The task -
Below are records with pictures. Reproduce exactly the lines from the line with "and as he understood" to the line with "I William L. Keith Clerk of the Court", inclusive, and leave each picture out.

#### Supplied information ####

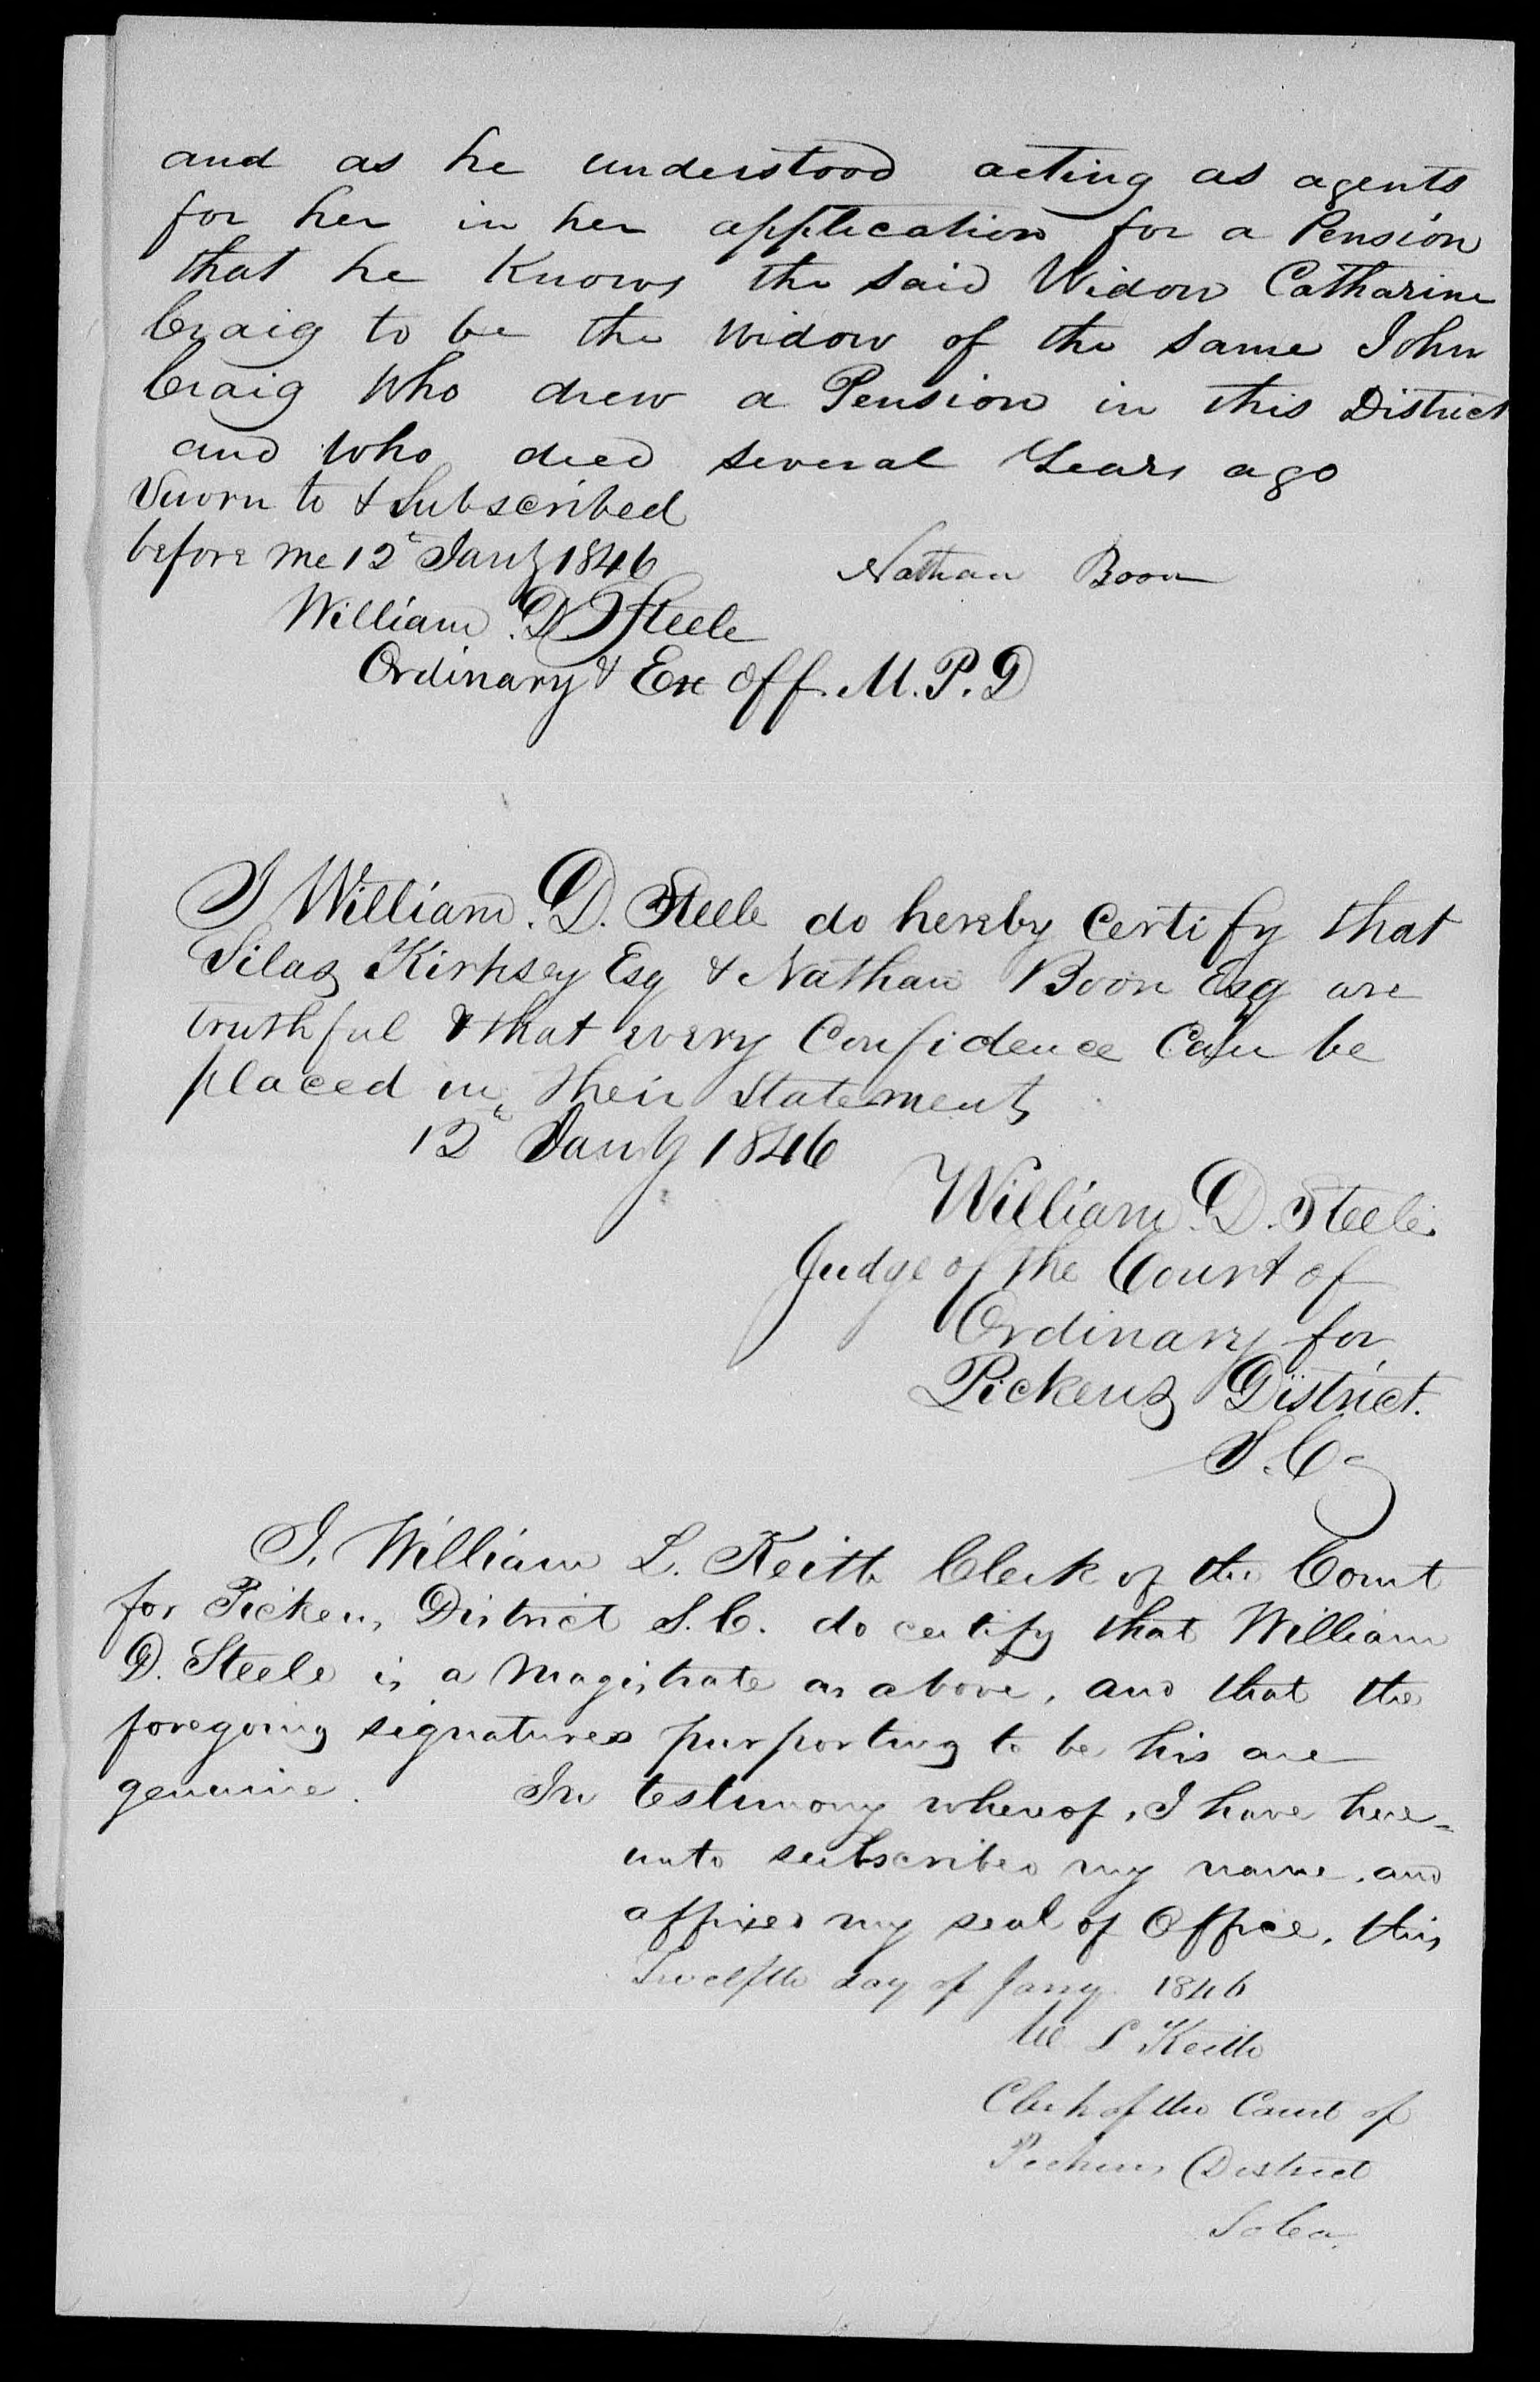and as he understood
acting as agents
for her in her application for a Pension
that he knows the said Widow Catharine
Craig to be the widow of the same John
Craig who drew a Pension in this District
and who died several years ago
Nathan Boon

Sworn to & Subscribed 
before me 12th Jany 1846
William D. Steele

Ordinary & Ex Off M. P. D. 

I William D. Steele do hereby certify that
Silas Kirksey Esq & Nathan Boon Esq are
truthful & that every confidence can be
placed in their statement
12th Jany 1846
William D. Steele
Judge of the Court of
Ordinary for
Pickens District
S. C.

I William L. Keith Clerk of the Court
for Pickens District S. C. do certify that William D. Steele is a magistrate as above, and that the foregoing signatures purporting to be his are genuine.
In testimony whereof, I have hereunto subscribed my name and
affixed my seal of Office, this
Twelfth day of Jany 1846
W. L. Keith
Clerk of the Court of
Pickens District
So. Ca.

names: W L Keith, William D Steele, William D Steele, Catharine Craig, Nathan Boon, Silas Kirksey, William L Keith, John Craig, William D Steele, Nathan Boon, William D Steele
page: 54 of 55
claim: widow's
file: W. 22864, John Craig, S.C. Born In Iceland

####
#### Supplied information ####

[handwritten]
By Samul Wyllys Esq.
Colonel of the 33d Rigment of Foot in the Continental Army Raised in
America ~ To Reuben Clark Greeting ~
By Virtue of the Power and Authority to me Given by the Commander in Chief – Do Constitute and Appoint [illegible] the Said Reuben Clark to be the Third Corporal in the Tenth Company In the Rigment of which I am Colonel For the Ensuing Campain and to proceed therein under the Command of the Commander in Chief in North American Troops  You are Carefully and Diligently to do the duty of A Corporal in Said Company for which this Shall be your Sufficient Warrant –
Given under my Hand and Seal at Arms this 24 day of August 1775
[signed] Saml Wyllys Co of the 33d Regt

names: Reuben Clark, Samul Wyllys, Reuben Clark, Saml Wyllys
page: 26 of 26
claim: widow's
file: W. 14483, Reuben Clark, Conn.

####

Your response -
and as he understood
acting as agents
for her in her application for a Pension
that he knows the said Widow Catharine
Craig to be the widow of the same John
Craig who drew a Pension in this District
and who died several years ago
Nathan Boon

Sworn to & Subscribed 
before me 12th Jany 1846
William D. Steele

Ordinary & Ex Off M. P. D. 

I William D. Steele do hereby certify that
Silas Kirksey Esq & Nathan Boon Esq are
truthful & that every confidence can be
placed in their statement
12th Jany 1846
William D. Steele
Judge of the Court of
Ordinary for
Pickens District
S. C.

I William L. Keith Clerk of the Court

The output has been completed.